1) Yes I a completely aware the SVIs need to be consistent

That document is amazing. I really need to start leaning on more cisco live documentation. I rarely use it...

I have a question for you though. For those of you that have gone the DCI route already. When you are stretching your infrastructure do you use 1 HA pair of firewalls at each DC (A/A or A/P, it doesn't matter) or separate clusters for each DC? I personally think separate clusters are the way to go... however most of my experience is theoretical at best.
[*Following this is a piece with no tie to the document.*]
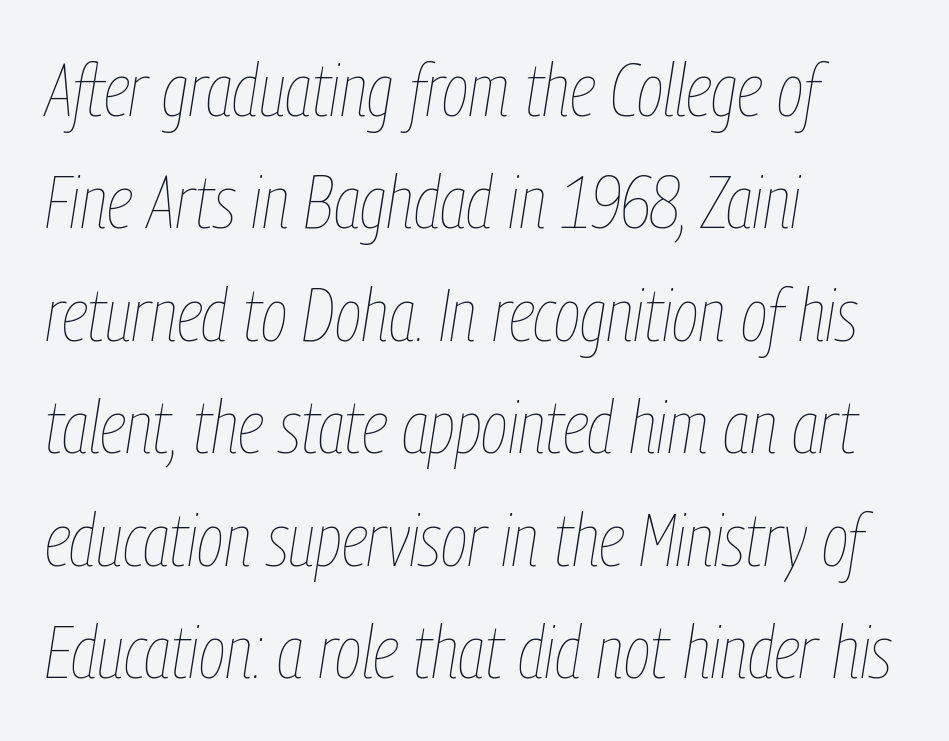
The image shows 73 px thin, condensed type, italic (leaning right); set left-aligned, normal line spacing (1.54x), normal letter spacing, not underlined; low stroke contrast and a medium x-height.
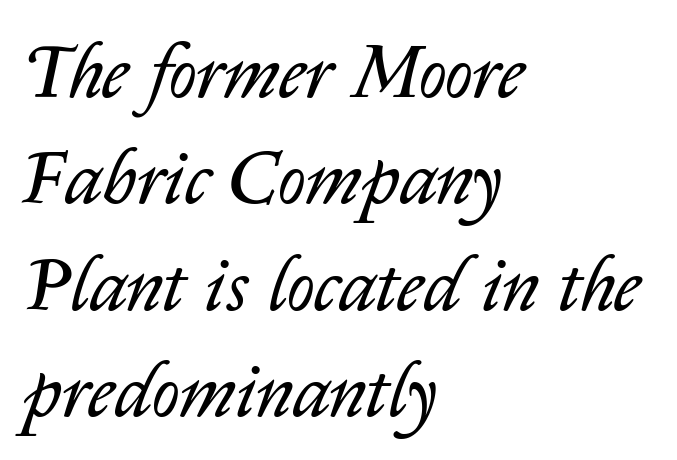
The image shows 76 px regular-weight type, italic (leaning right); set left-aligned, normal line spacing (1.4x), normal letter spacing, not underlined; low stroke contrast and a medium x-height.
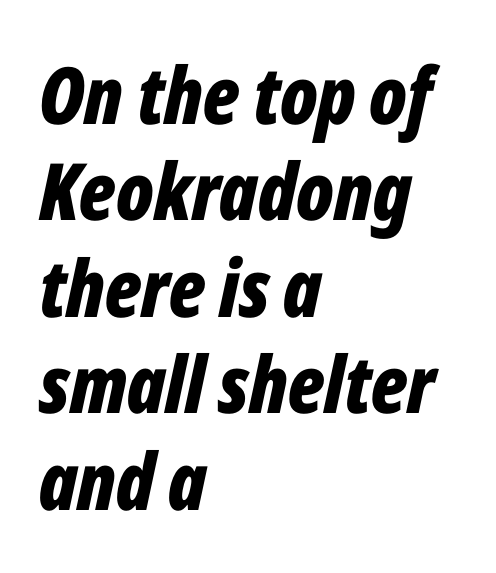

It discusses all the options in the document, I am just curious what path do you go and why?
Sys Admin: "You have a stuck route"
            Me: "You have an incorrect Default Gateway"

LynK

Adding another comment to this thread. When looking into VXLAN limiations, we were considering how awesome it would be to run FCoE over VXLAN, but of course there are limiations

According to document:https://www.cisco.com/c/en/us/td/docs/switches/datacenter/pf/configuration/guide/b-pf-configuration/Forwarding-Configurations.html

"FCoE
FCoE over the VXLAN fabric is not supported. However, FCoE and VXLAN can co-exist. FCoE and VXLAN services are provided on separate ports

To enable FCoE, use separate links from the fabric to MDS and connect to the target device. Refer Cisco NX-OS FCoE Configuration Guide for Nexus 7000 Series and MDS 9000 and Cisco Nexus 5600 Series NX-OS Fibre Channel over Ethernet Configuration Guide for details."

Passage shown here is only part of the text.